### Work required
Every line below from the one with "Verkehrszeichen: VerlaufVorfahrtsstrasse7" through the one with "Best continuation: Qd8#" is to be repeated exactly, with no picture among them.

(Records from a collection)
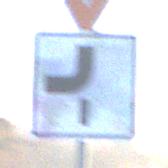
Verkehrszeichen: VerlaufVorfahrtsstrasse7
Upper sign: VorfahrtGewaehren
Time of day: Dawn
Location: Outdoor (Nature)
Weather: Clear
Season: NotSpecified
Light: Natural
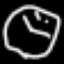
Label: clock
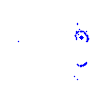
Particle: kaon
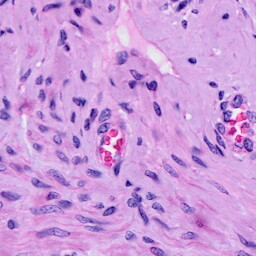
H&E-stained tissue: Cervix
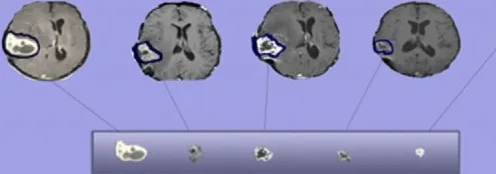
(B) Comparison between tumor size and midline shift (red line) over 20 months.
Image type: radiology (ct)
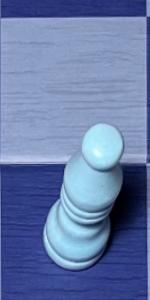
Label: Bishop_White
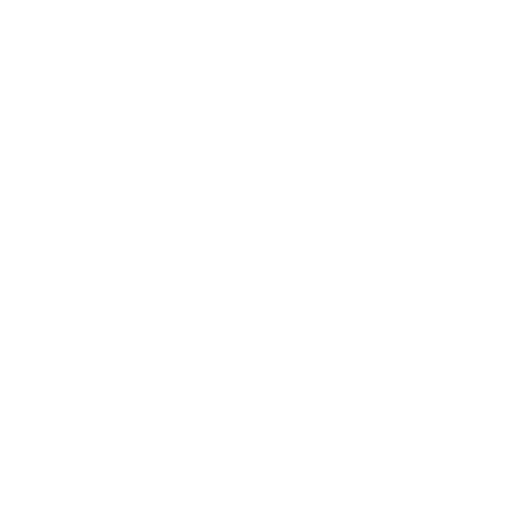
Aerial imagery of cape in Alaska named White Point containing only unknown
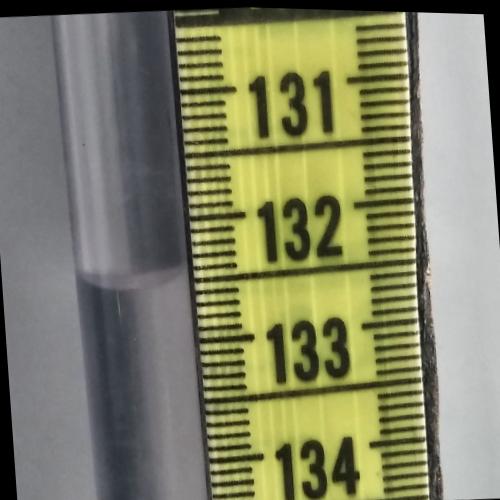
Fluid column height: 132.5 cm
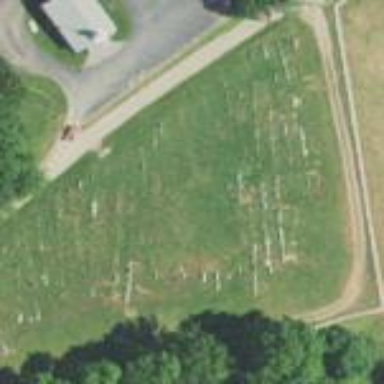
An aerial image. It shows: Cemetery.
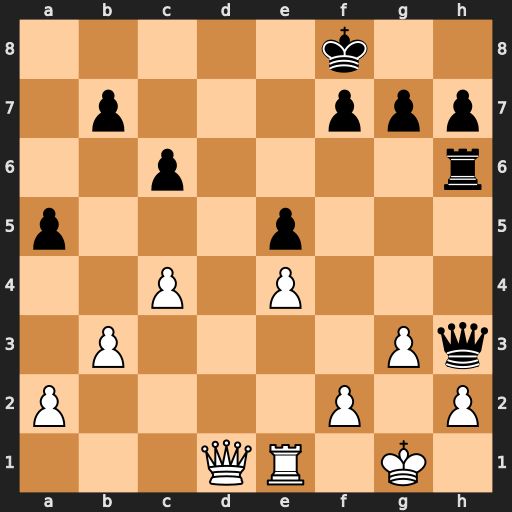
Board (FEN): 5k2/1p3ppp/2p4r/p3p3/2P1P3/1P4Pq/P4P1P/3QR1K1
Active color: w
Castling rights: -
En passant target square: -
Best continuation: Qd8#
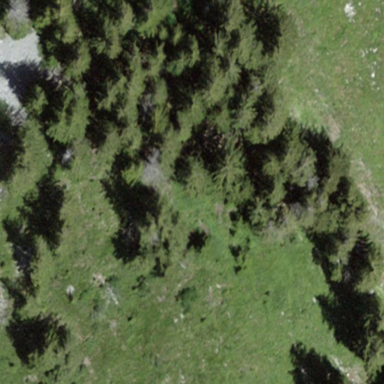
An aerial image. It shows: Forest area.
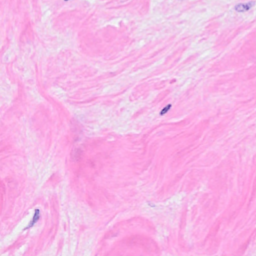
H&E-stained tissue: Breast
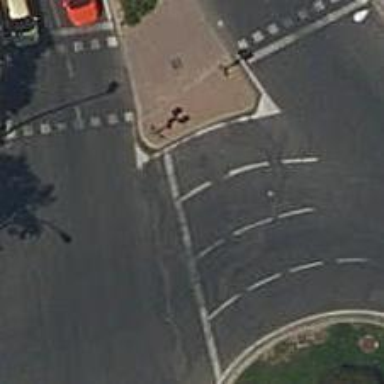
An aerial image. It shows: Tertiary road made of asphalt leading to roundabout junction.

...

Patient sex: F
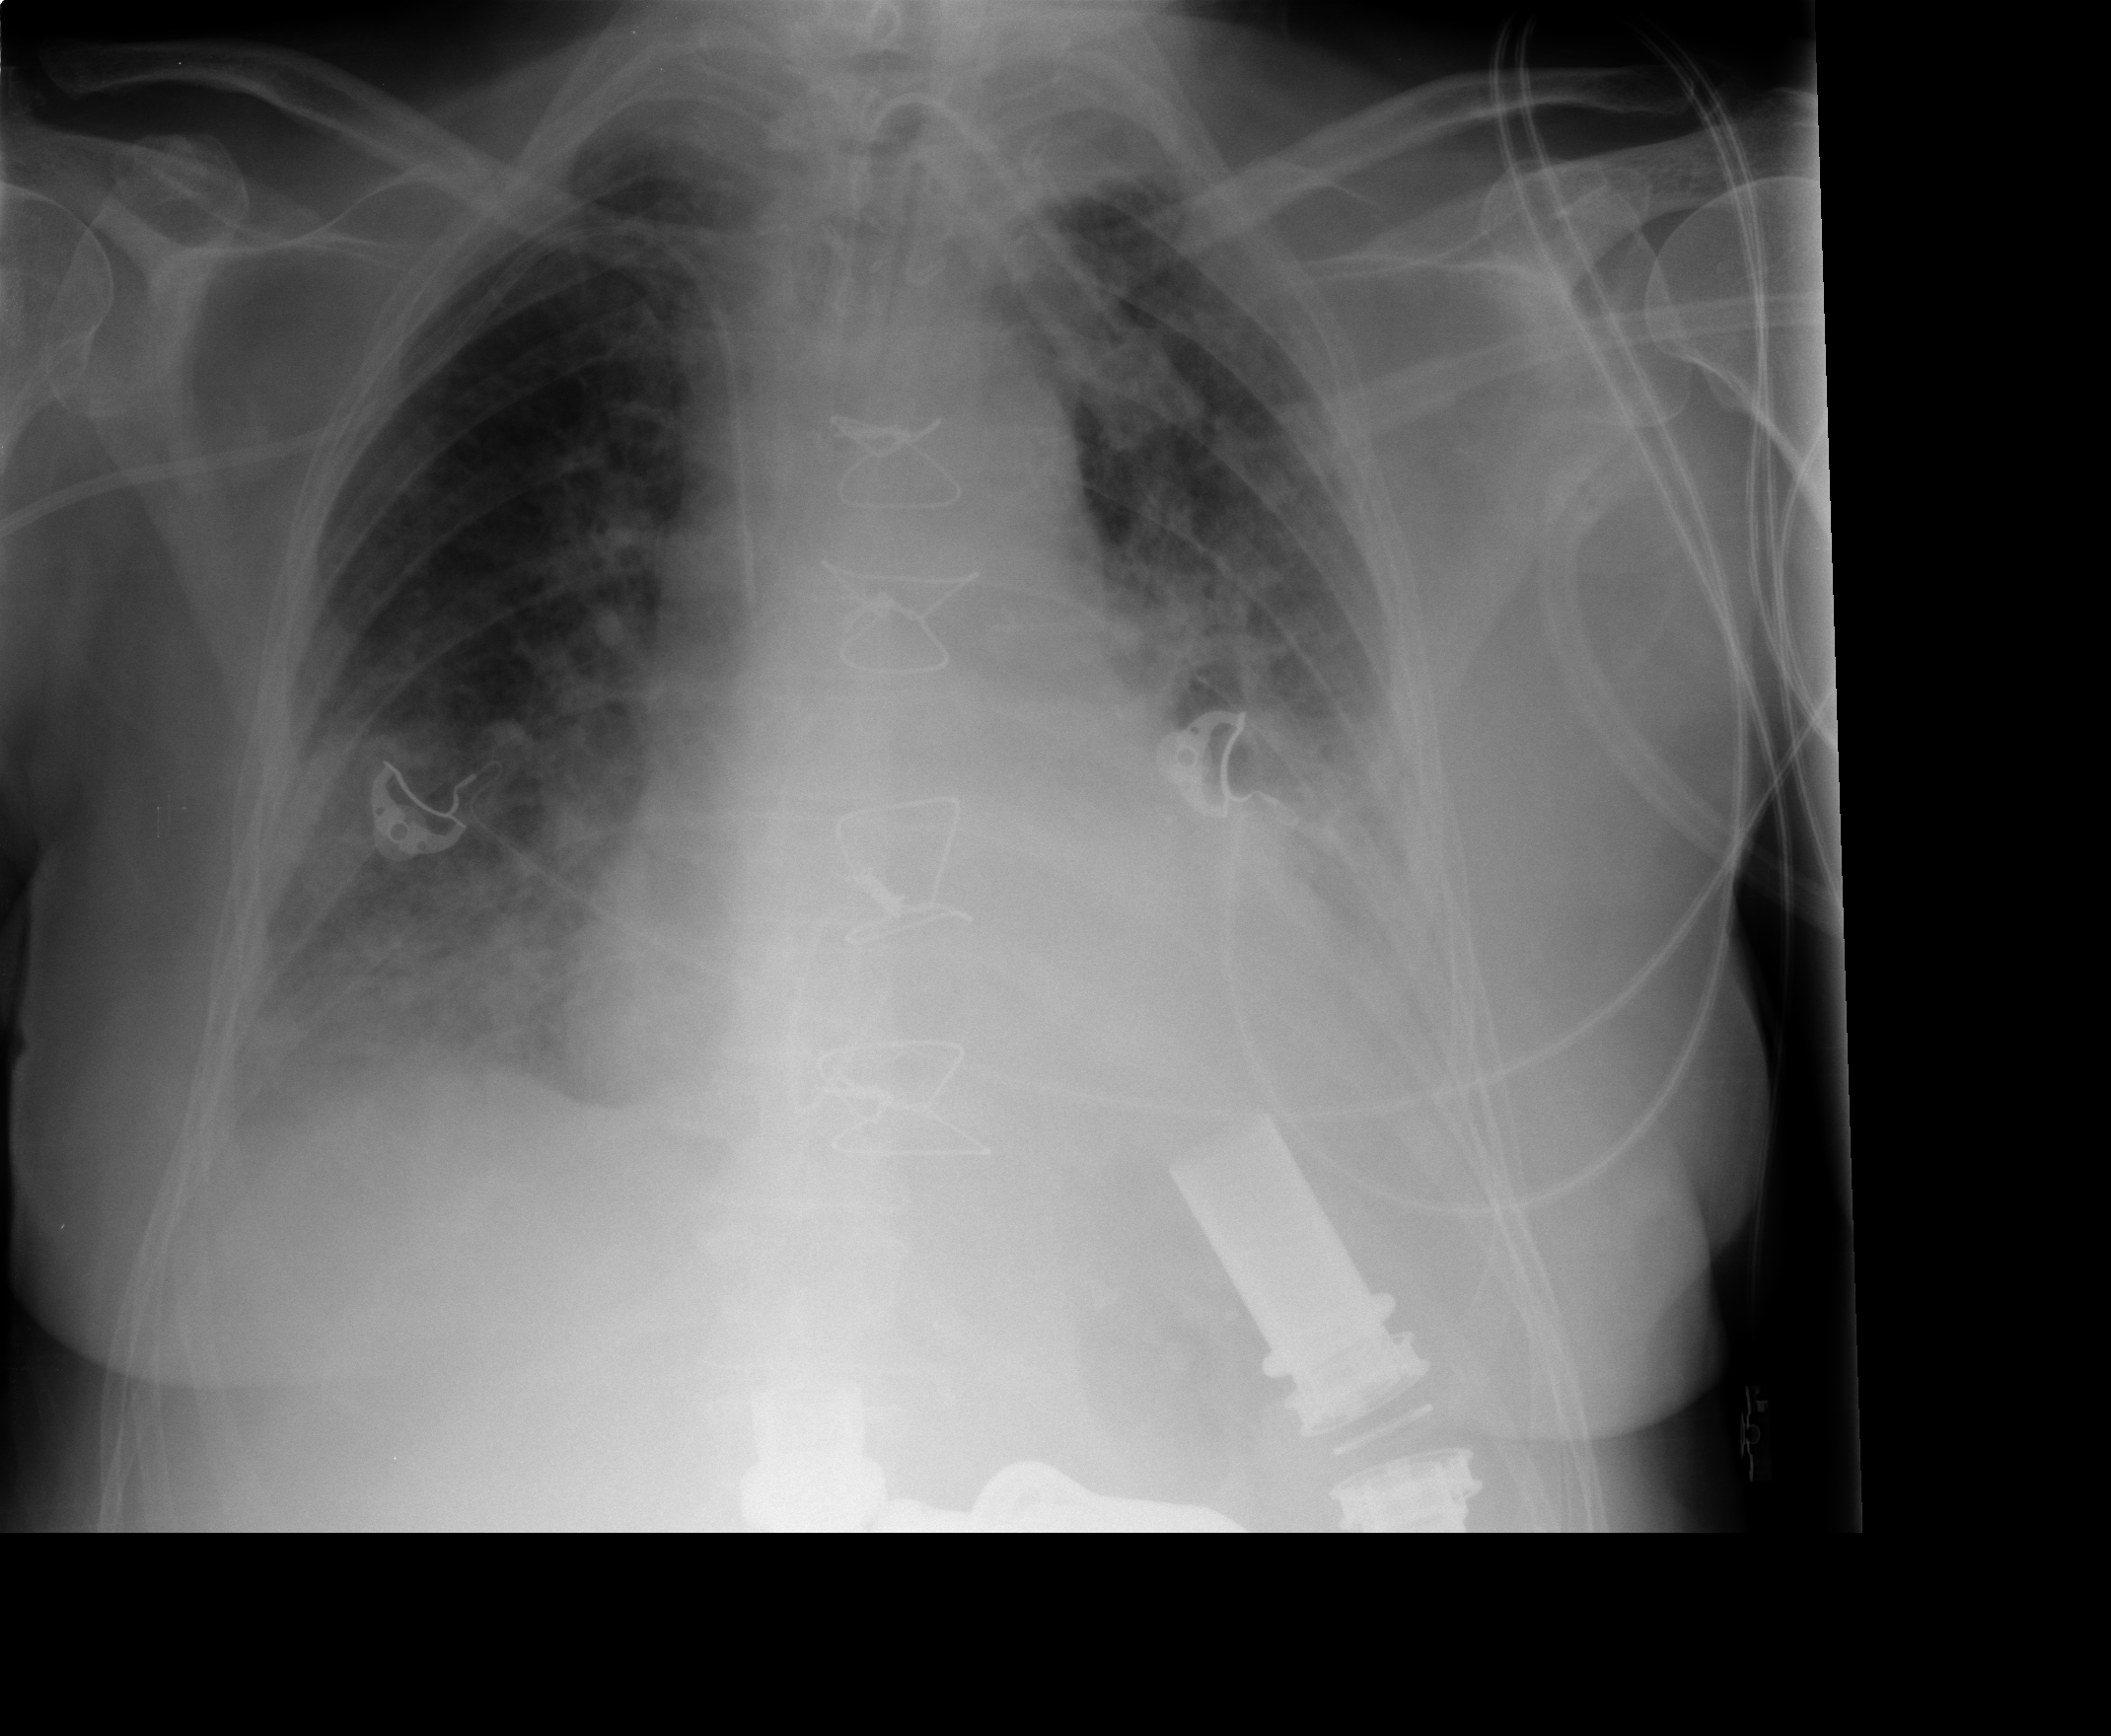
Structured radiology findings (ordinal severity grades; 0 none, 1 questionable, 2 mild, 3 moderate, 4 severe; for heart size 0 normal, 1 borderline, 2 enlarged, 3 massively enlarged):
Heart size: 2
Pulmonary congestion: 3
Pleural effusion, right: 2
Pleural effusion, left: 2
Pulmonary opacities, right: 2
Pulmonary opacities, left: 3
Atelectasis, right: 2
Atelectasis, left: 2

---

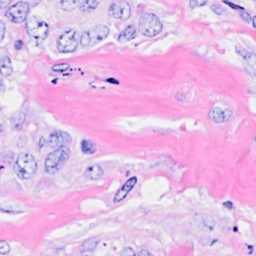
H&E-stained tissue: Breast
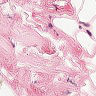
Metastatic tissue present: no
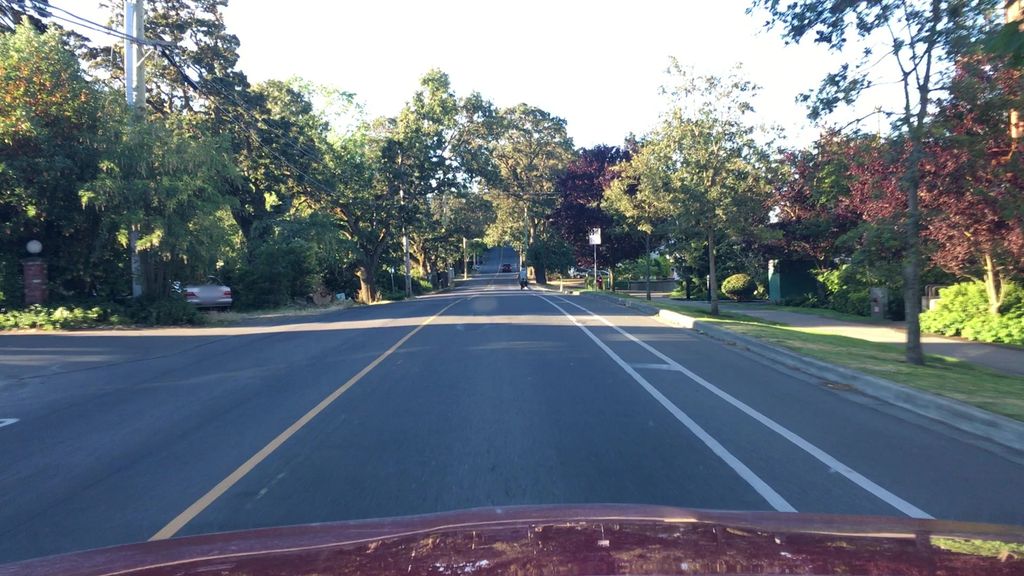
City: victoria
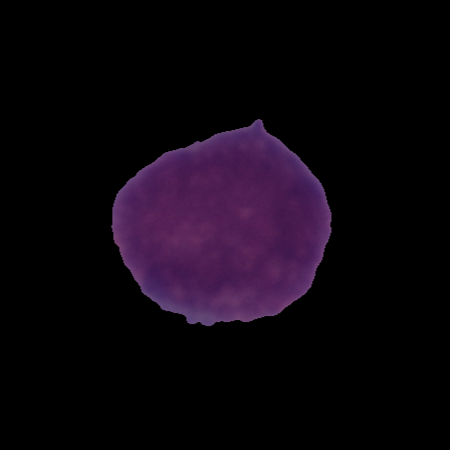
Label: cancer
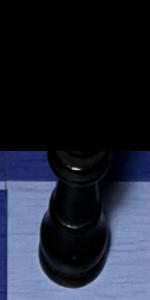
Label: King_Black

### Written answer
Verkehrszeichen: VerlaufVorfahrtsstrasse7
Upper sign: VorfahrtGewaehren
Time of day: Dawn
Location: Outdoor (Nature)
Weather: Clear
Season: NotSpecified
Light: Natural
Label: clock
Particle: kaon
H&E-stained tissue: Cervix
(B) Comparison between tumor size and midline shift (red line) over 20 months.
Image type: radiology (ct)
Label: Bishop_White
Aerial imagery of cape in Alaska named White Point containing only unknown
Fluid column height: 132.5 cm
An aerial image. It shows: Cemetery.
Board (FEN): 5k2/1p3ppp/2p4r/p3p3/2P1P3/1P4Pq/P4P1P/3QR1K1
Active color: w
Castling rights: -
En passant target square: -
Best continuation: Qd8#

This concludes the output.